B.C. rescue group transports 11 canines ahead of import ban

CFIA’s ban on commercial dog imports comes into effect on Sept. 28

Animal rescue groups across Canada are ramping up efforts to bring as many dogs as possible into the country ahead of next month’s canine import ban. Photo ©BigStockPhoto.comAnimal rescue groups across Canada are ramping up efforts to bring as many dogs as possible into the country ahead of next month’s canine import ban.

Last week, non-profit organization Golden Rescue co-ordinated the transport of 11 golden retrievers from Istanbul to Vancouver International Airport, Global News reports. The group is aiming to bring in about 120 more dogs from Turkey and Egypt before the Canadian Food Inspection Agency’s (CFIA’s) ban on commercial dog imports comes into effect in September.

“Our partners in Istanbul and in Cairo rely very heavily on us to save dogs from very terrible conditions or even death,” Golden Rescue volunteer, Anastassia Ferdman, tells Global News. “With the new ban, we’re not going be able to help them anymore, we’re not going to be able to bring the dogs into Canada into safe forever families anymore.”

This past June, CFIA announced that, beginning Sept. 28 (World Rabies Day) and until further notice, commercial canines from countries at high-risk for dog rabies (i.e. rabies caused by canine-variant viruses) will no longer be permitted entry into Canada.

These animals can include, but are not limited to, dogs for re-sale, adoption, fostering, breeding, show or exhibition, research, and other purposes. CFIA says it is also exploring options to further strengthen requirements for the import of personal pet dogs and assistance dogs from these countries.

In addition to Turkey and Egypt, more than 100 countries are considered by the agency to be high-risk for dog rabies. They include:

  • China
  • Dominican Republic
  • Guatemala
  • Cuba
  • Iraq
  • Afghanistan

While the decision has left many animal rescue groups in Canada scrambling, many—including the Canadian Veterinary Medical Association (CVMA)—support the measure.

“While rabies is found in wildlife such as skunks, foxes, raccoons, and bats in our country, Canada does not have rabies caused by canine-variant viruses (dog rabies), and the intent is to prevent it from establishing,” the group said in a statement. “Dog rabies virus can be transmitted between mammals, including to humans. It is a fatal disease of the central nervous system.”

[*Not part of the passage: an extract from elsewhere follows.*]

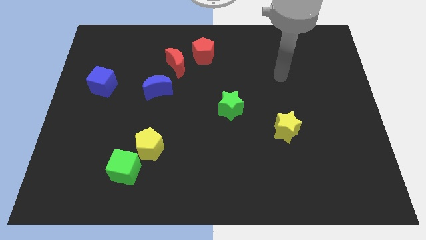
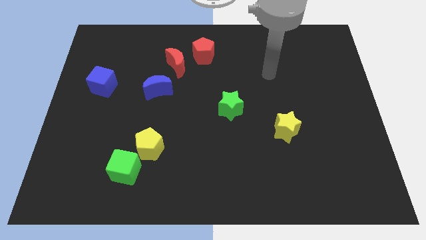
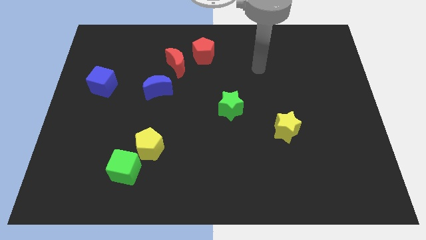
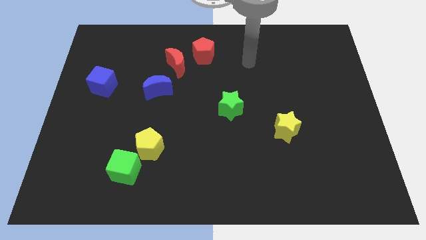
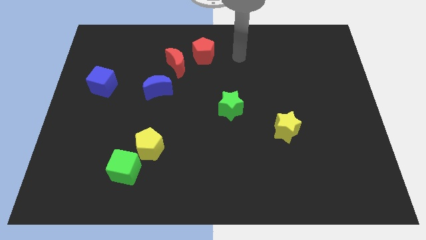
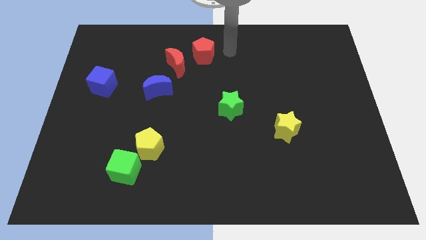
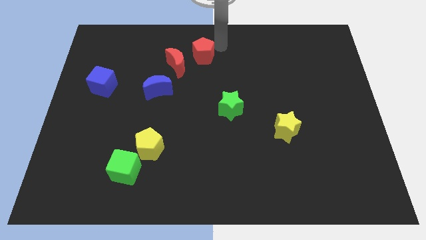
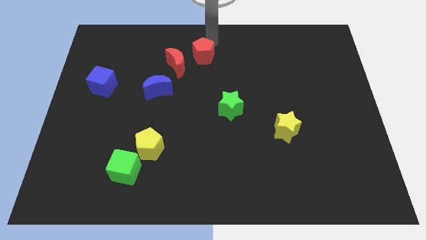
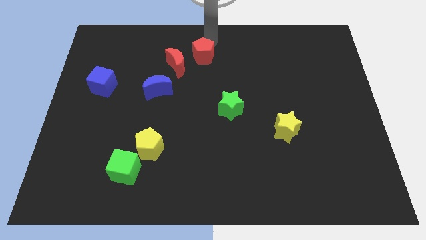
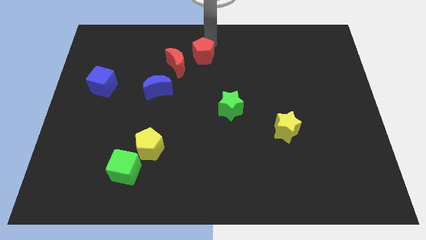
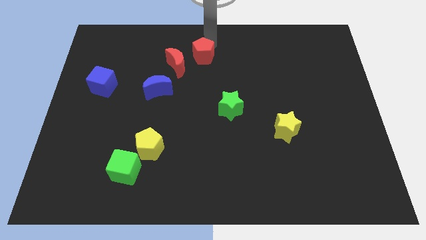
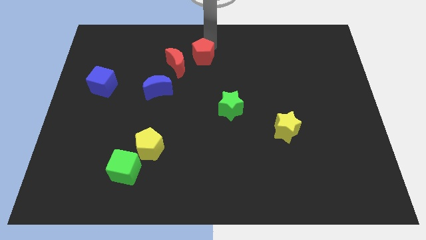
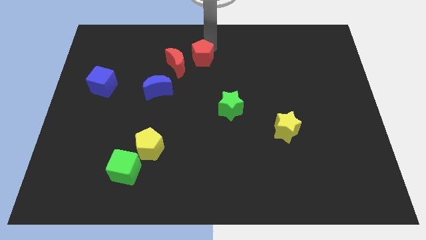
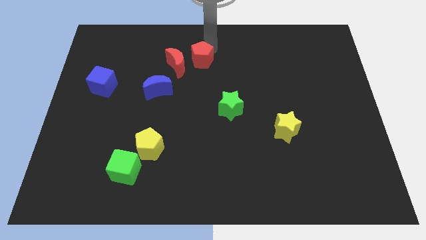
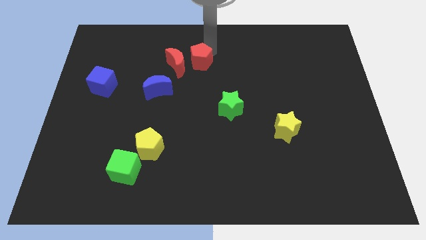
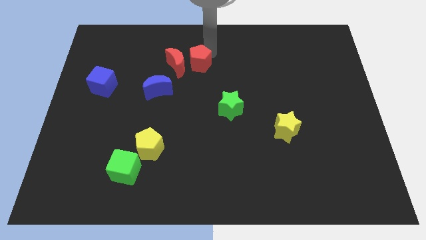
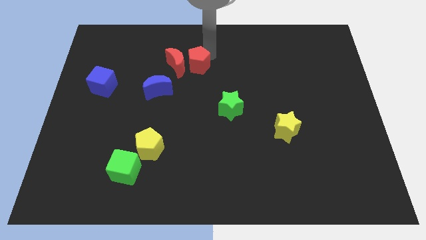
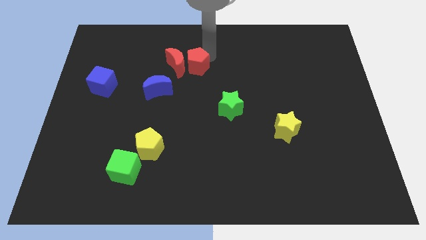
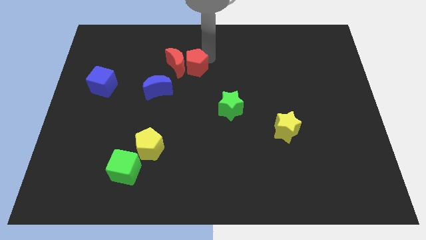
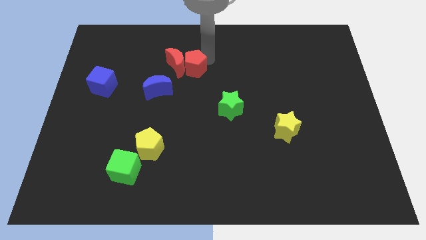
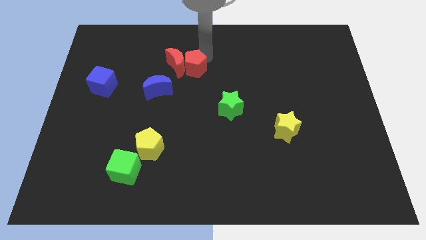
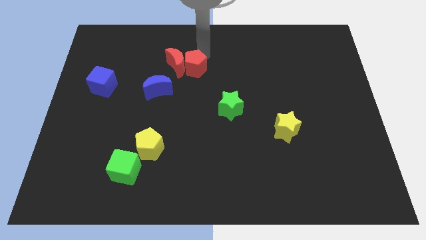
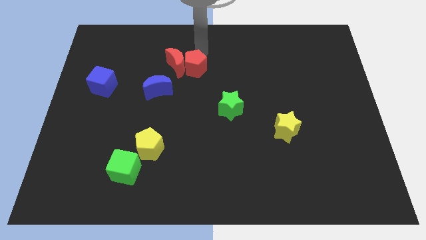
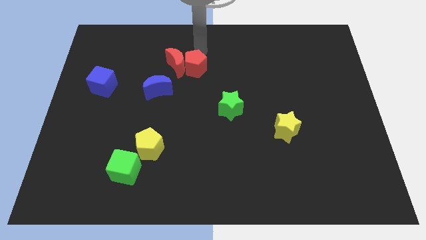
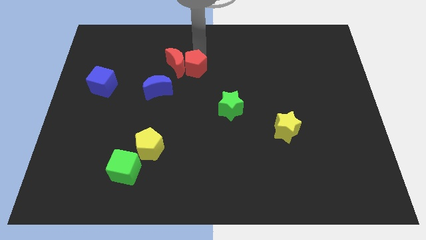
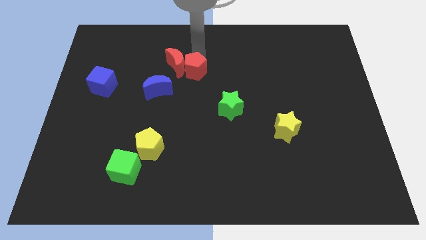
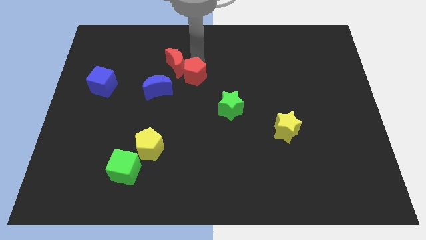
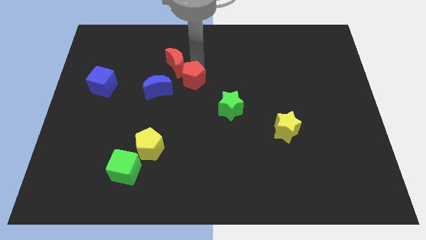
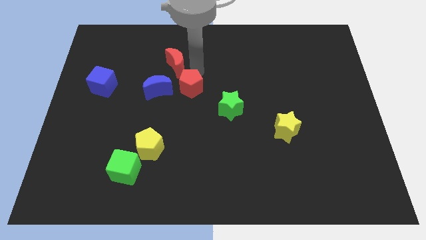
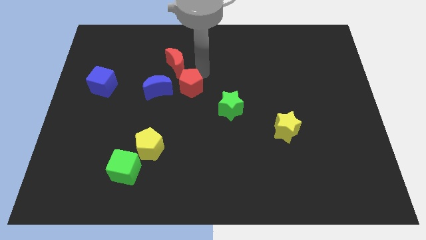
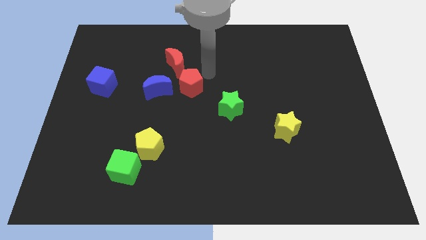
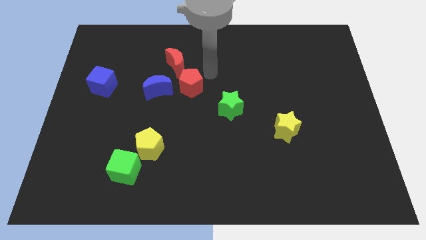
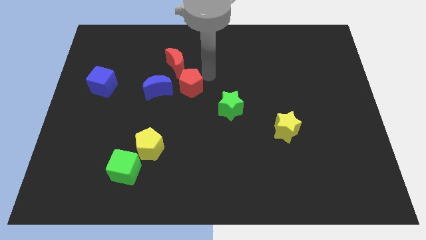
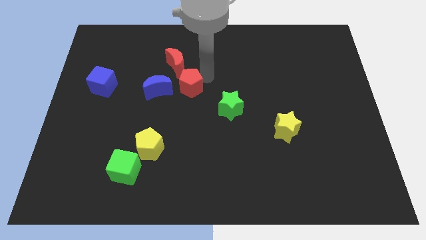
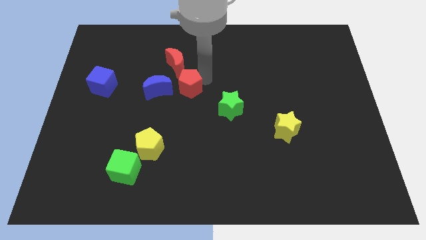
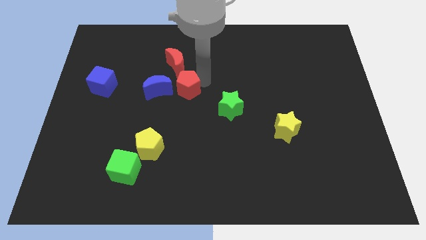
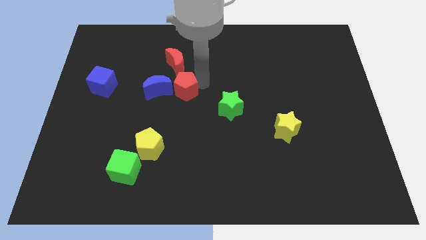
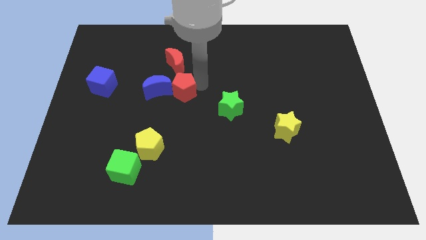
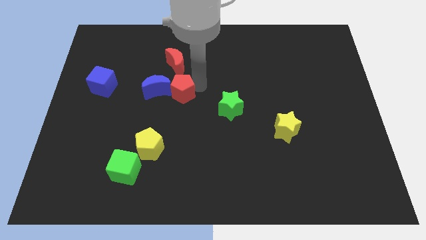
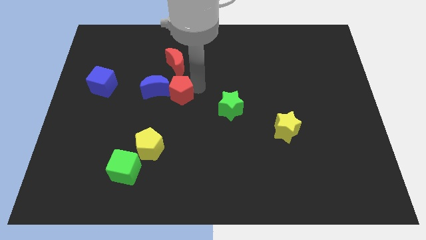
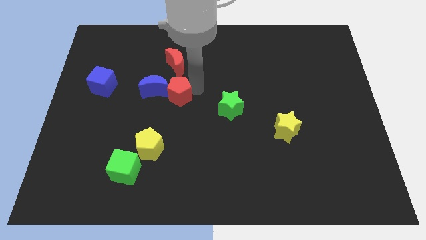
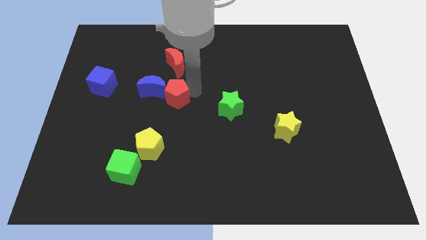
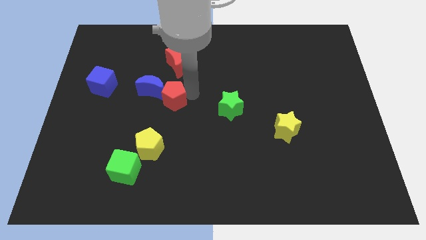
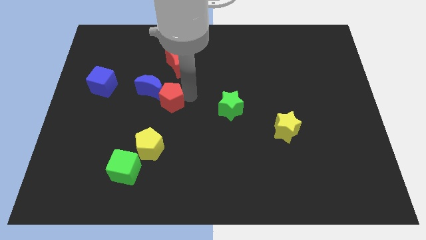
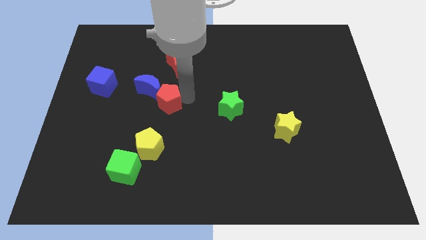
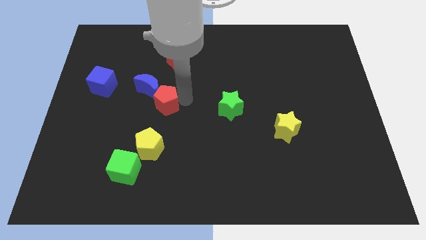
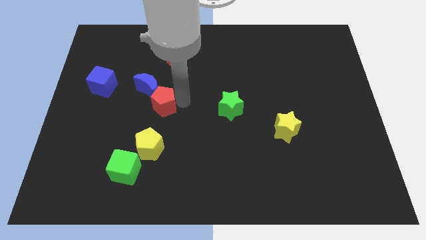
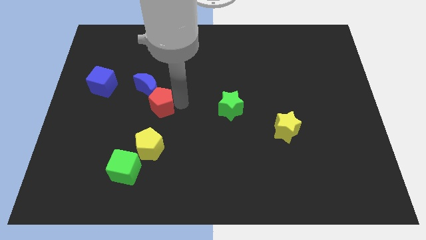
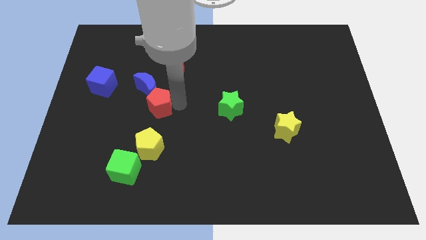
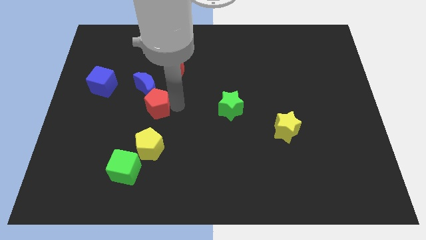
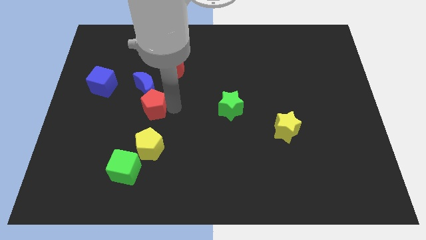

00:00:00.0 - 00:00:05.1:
move the red pentagon down and to the left diagonally

“CVMA looks forward to working with the CFIA in the next phase of this initiative to further strengthen the requirements for the import of personal pet dogs and assistance dogs from countries at high-risk for dog rabies.”

Representatives from some animal rescue groups in Canada have also said they understand the reasoning behind the ban.

“[Dog importation]’s got to be regulated, it really does,” Susan Patterson from Vancouver’s Thank DOG I Am Out Rescue Society tells Global News.

“If maybe everybody does a better job or understands the importation a bit better, then I’m sure this is going to make everybody a better rescue organization,” she continues. “That’s really super important to protect the Canadian people and the Canadian dogs… to be sure the animals you’re bringing in are safe.”

Rabies is more than 99 per cent fatal for humans and dogs once symptoms are present, but nearly 100 per cent preventable with proper vaccination of animals, CFIA reports. Globally, the disease kills 59,000 people each year.

While Canada does not currently have any active cases of dog rabies, dogs with the disease were imported into the country in 2021. The event resulted in Public Health Agency of Canada (PHAC) and provincial public health authorities asking CFIA to take action to address the risks from imported dogs.

All import permits issued on or after June 28 of this year will expire on Sept. 27, CFIA reports. As of Sept. 28, import permits will no longer be issued.